Extracted data Block Start
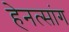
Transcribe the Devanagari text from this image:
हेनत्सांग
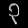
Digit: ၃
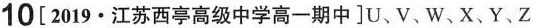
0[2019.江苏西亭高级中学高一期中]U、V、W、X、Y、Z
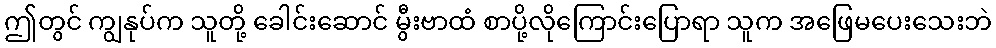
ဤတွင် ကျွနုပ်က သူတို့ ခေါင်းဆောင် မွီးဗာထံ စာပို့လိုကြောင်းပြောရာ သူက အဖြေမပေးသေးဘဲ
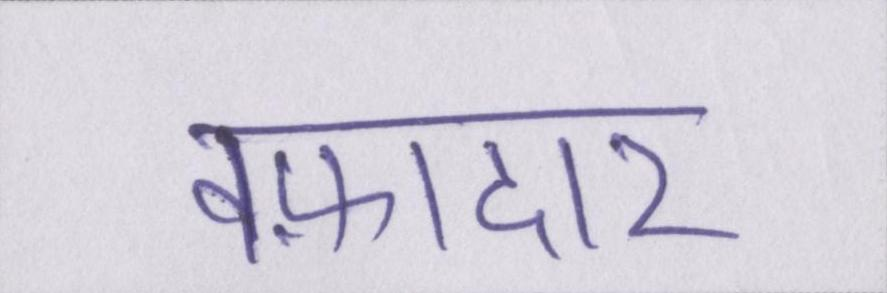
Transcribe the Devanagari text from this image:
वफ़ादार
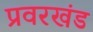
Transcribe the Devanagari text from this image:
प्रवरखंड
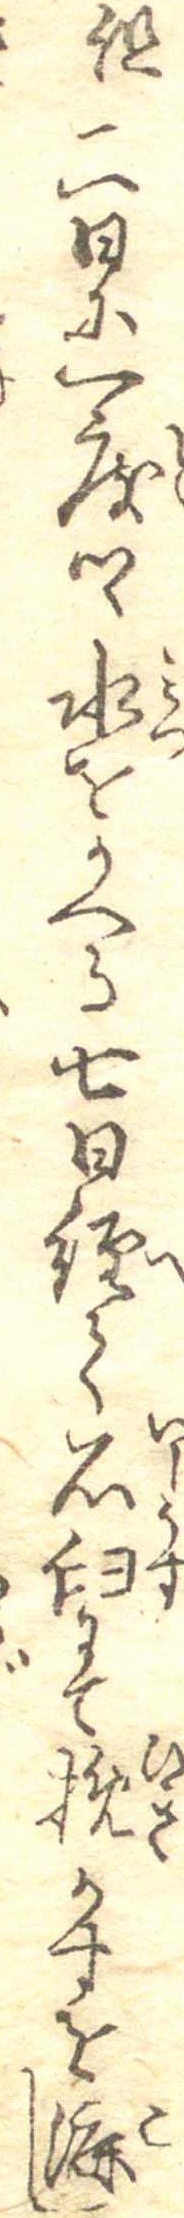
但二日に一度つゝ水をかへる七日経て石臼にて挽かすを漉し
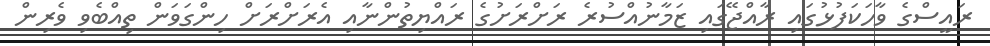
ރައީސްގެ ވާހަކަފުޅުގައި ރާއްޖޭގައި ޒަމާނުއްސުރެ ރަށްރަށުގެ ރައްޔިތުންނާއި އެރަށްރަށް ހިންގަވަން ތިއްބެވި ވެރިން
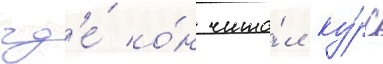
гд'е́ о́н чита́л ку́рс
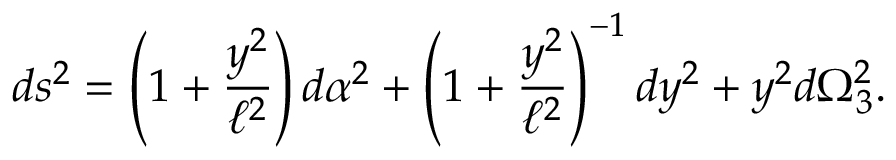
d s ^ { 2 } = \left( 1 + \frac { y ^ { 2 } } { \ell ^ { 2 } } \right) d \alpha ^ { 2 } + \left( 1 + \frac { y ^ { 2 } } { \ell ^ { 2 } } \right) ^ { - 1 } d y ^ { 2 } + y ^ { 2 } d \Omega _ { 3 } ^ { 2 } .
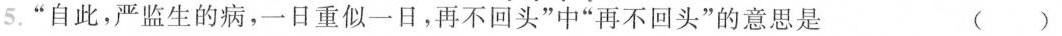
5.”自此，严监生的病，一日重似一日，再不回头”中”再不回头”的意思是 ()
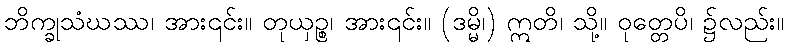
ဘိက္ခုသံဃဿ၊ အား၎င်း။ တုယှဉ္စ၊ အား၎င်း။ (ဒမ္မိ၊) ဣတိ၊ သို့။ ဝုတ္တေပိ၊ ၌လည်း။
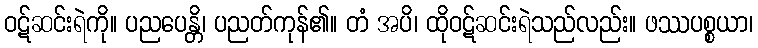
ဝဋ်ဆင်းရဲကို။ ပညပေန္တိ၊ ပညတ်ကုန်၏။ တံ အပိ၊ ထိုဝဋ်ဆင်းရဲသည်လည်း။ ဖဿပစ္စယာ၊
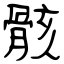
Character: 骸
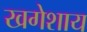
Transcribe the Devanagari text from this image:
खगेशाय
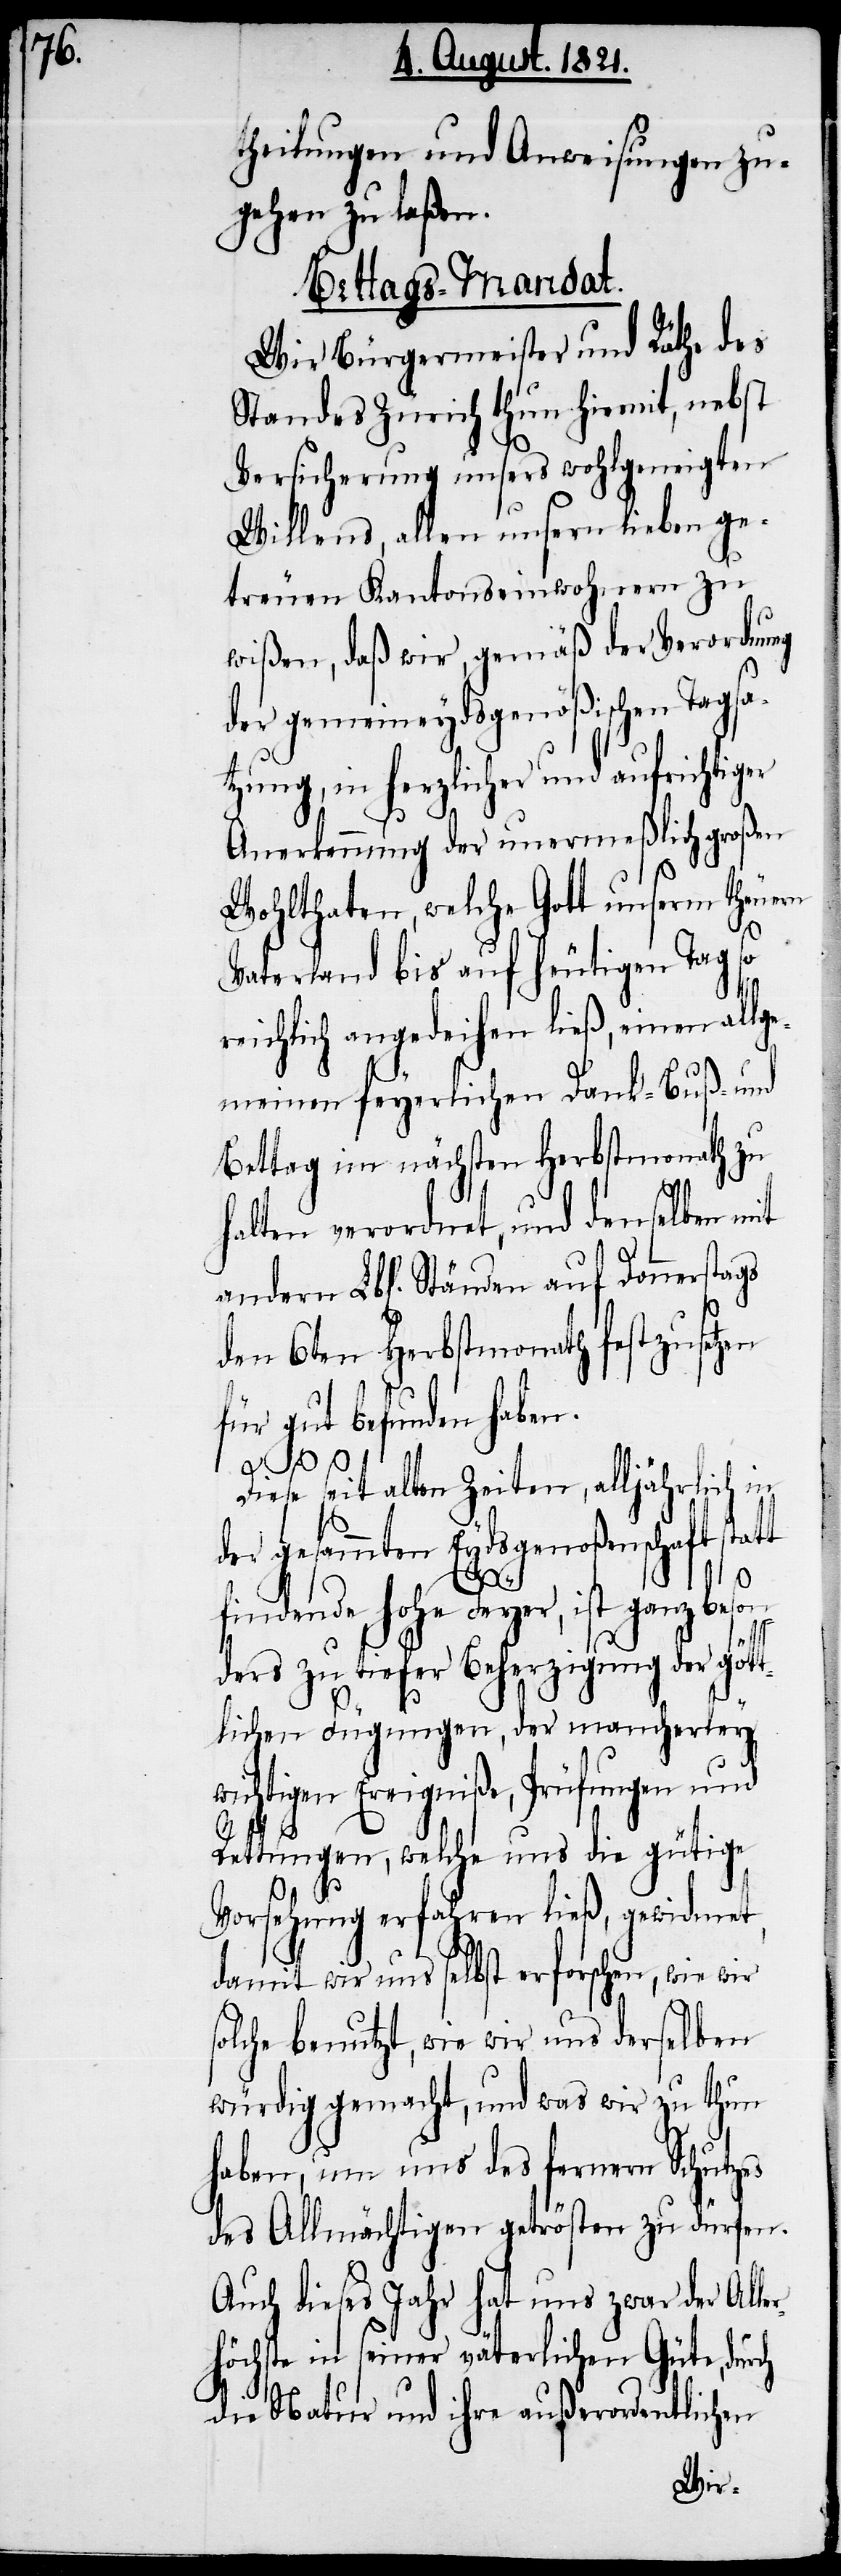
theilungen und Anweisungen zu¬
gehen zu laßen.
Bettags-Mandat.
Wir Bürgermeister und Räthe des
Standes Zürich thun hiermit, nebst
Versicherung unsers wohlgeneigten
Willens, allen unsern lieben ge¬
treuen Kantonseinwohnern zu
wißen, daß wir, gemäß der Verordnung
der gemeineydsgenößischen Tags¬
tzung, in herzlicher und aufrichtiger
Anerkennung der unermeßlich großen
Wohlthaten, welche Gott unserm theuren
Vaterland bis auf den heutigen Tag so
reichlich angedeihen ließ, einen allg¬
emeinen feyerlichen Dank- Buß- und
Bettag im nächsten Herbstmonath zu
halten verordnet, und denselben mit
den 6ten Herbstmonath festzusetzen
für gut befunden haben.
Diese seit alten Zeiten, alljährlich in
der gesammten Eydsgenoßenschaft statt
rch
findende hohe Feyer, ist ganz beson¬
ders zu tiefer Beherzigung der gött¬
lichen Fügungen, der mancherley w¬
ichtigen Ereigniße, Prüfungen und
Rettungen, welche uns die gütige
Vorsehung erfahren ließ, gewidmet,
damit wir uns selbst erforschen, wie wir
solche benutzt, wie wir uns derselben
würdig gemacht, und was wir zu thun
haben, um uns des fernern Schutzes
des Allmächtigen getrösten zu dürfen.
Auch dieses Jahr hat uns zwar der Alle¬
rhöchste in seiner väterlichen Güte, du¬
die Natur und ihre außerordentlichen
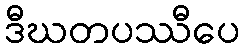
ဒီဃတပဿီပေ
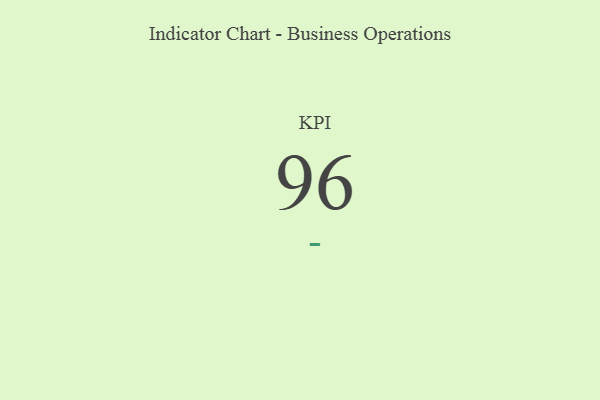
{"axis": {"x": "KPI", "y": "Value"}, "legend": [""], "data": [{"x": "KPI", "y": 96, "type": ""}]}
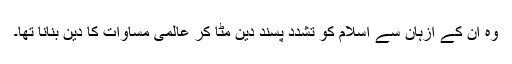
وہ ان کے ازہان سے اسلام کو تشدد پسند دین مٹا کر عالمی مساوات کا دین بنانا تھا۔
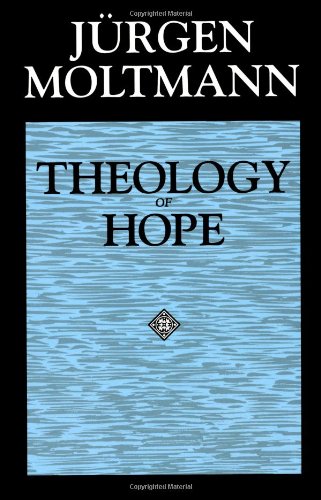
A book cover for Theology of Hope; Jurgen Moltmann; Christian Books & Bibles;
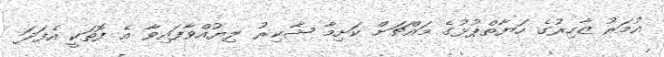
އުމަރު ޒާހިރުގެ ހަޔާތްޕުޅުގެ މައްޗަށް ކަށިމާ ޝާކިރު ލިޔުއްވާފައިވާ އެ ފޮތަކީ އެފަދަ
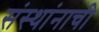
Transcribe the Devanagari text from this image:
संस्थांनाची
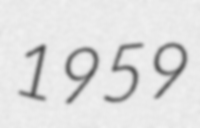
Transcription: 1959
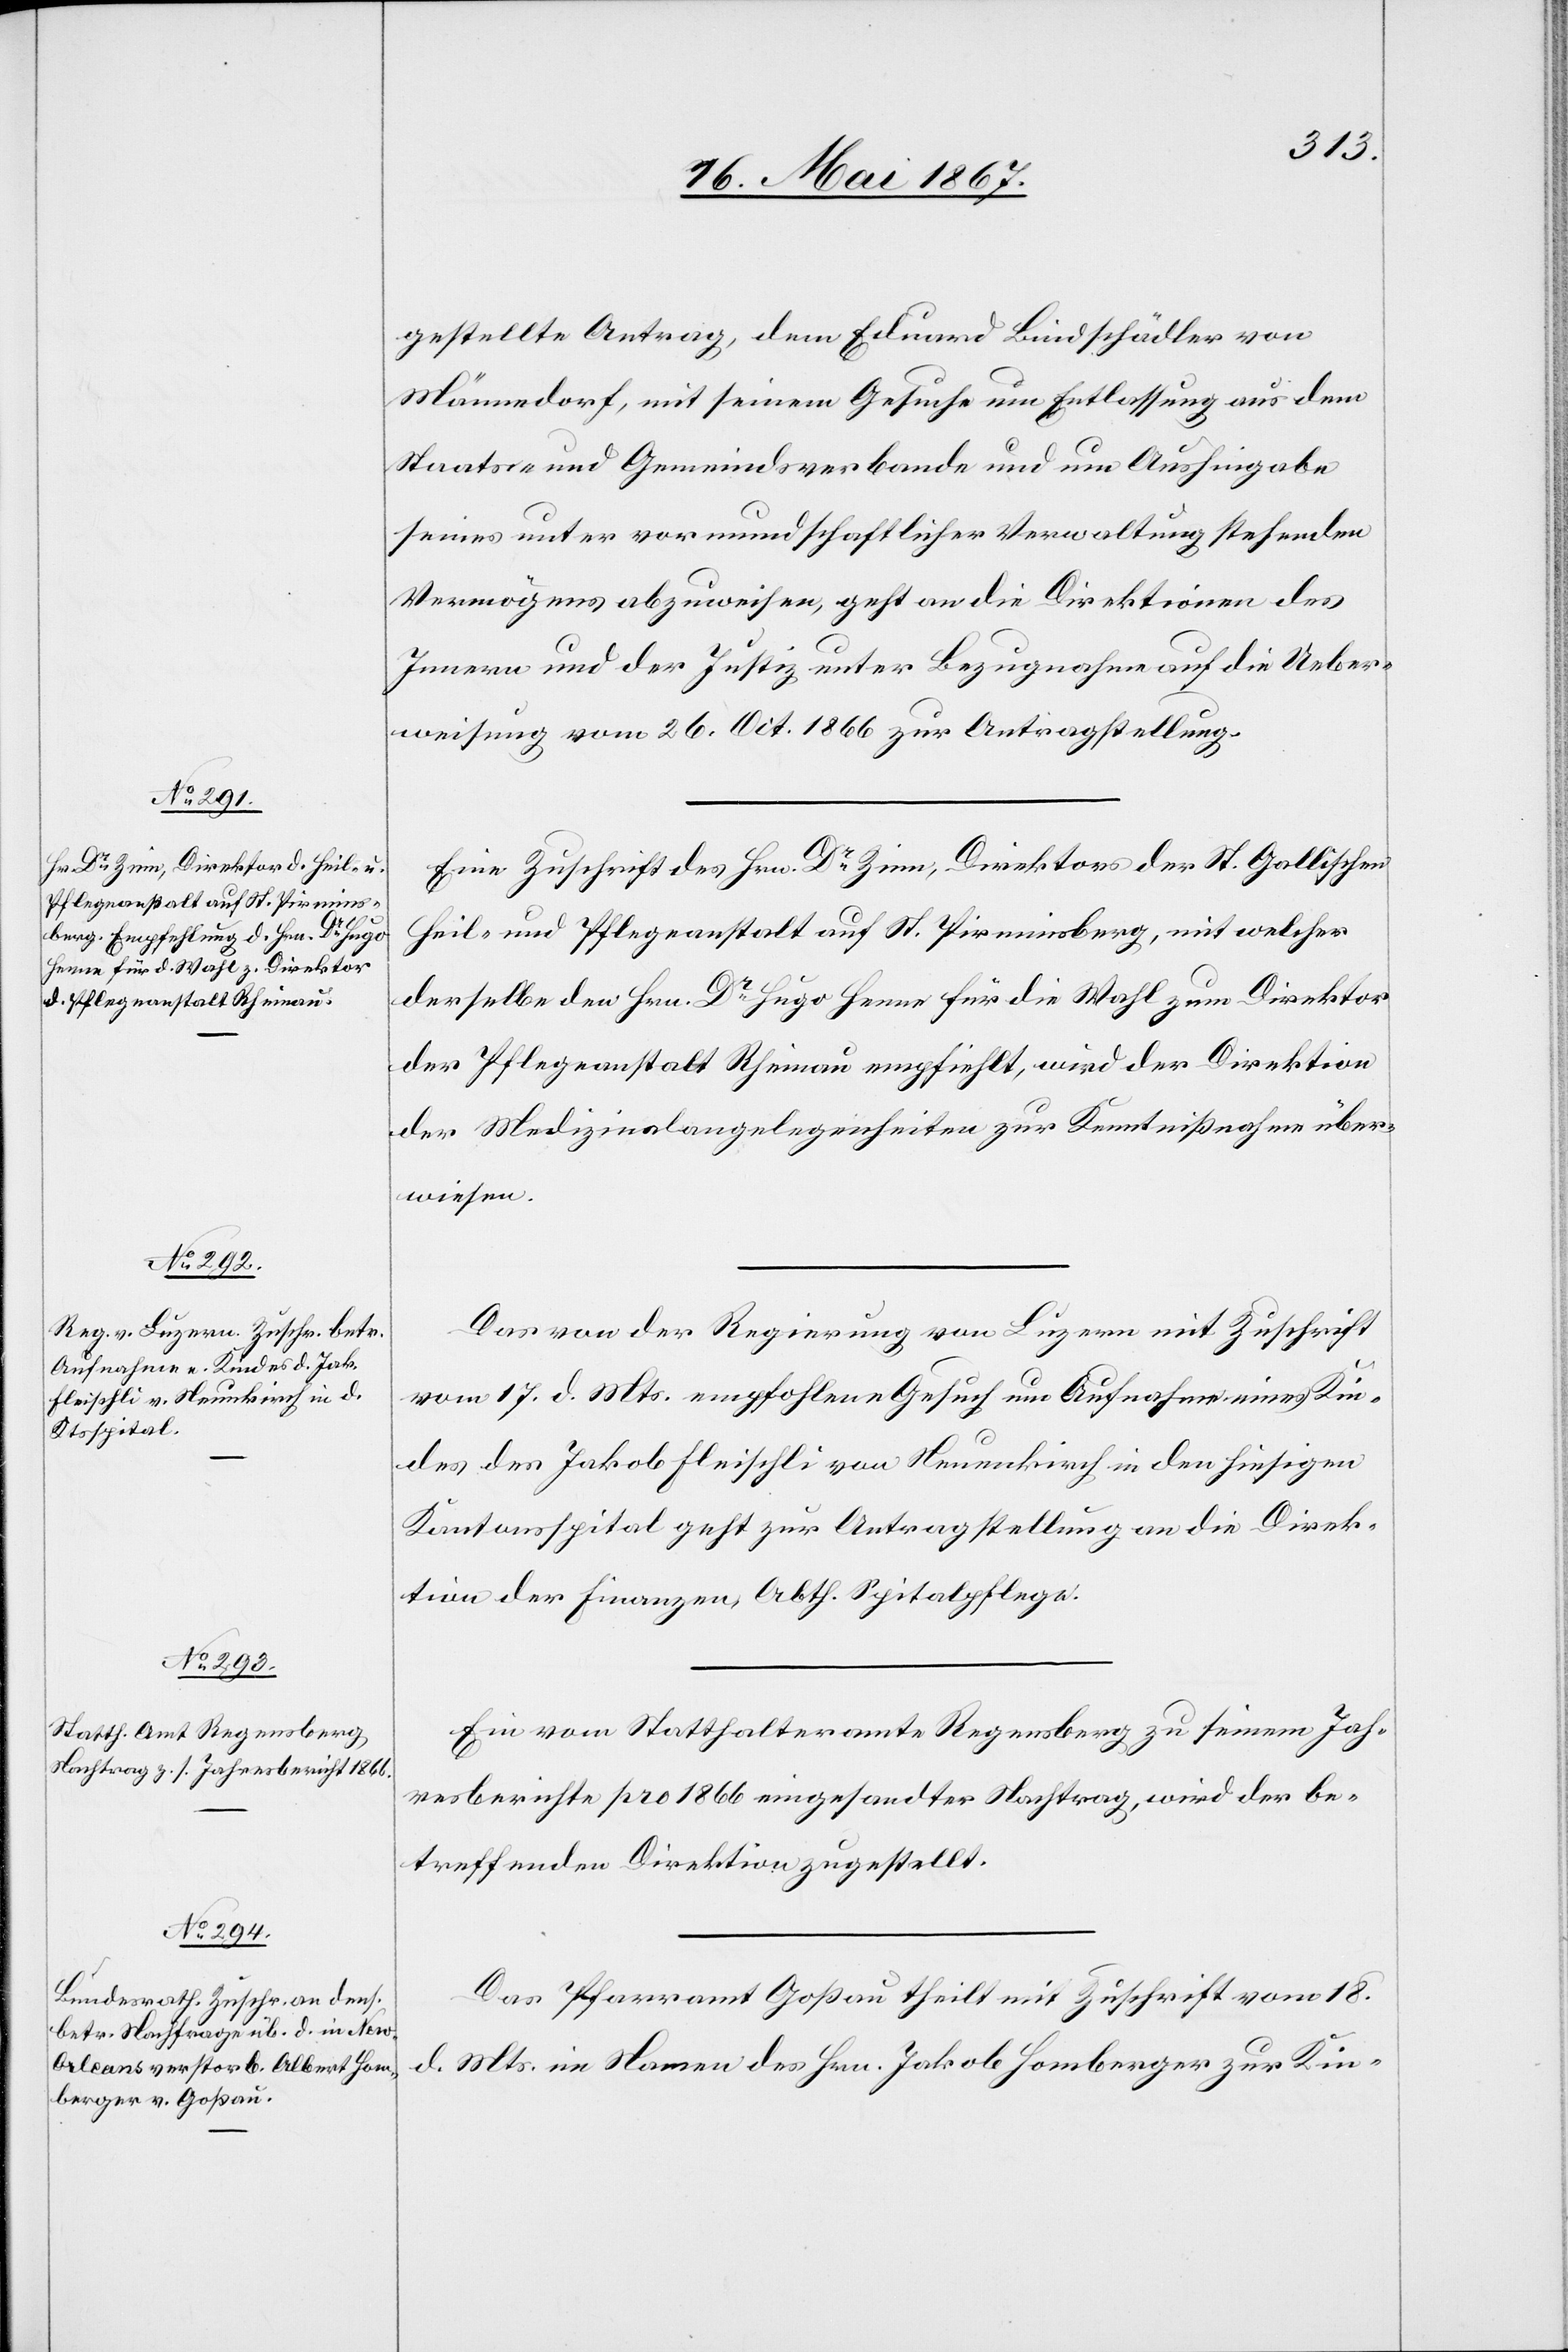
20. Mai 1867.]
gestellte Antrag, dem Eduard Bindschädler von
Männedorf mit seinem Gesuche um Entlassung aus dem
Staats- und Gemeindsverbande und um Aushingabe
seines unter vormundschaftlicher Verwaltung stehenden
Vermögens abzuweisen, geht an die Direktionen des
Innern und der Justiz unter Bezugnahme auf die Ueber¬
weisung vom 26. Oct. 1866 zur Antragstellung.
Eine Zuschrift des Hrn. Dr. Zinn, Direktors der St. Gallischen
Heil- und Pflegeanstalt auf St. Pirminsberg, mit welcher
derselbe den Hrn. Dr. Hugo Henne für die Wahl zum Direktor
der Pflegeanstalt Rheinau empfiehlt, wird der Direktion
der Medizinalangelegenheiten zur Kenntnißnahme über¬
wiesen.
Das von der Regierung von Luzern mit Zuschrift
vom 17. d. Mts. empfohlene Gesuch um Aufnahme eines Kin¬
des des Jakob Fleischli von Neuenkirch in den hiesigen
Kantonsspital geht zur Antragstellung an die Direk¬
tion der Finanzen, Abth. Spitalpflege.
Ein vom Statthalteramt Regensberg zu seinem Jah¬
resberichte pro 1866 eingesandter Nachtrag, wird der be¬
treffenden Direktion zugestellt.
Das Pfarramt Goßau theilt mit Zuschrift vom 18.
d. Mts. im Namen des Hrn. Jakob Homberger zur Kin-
Extracted data Block End
- Action item
Using the material above, transcribe exactly the lines from the one holding "Rettungen, welche uns die gütige" to the one holding "A book cover", both ends kept. Do not carry over any pictures.

- Written answer
Rettungen, welche uns die gütige
Vorsehung erfahren ließ, gewidmet,
damit wir uns selbst erforschen, wie wir
solche benutzt, wie wir uns derselben
würdig gemacht, und was wir zu thun
haben, um uns des fernern Schutzes
des Allmächtigen getrösten zu dürfen.
Auch dieses Jahr hat uns zwar der Alle¬
rhöchste in seiner väterlichen Güte, du¬
die Natur und ihre außerordentlichen
ဒီဃတပဿီပေ
{"axis": {"x": "KPI", "y": "Value"}, "legend": [""], "data": [{"x": "KPI", "y": 96, "type": ""}]}
وہ ان کے ازہان سے اسلام کو تشدد پسند دین مٹا کر عالمی مساوات کا دین بنانا تھا۔
A book cover for Theology of Hope; Jurgen Moltmann; Christian Books & Bibles;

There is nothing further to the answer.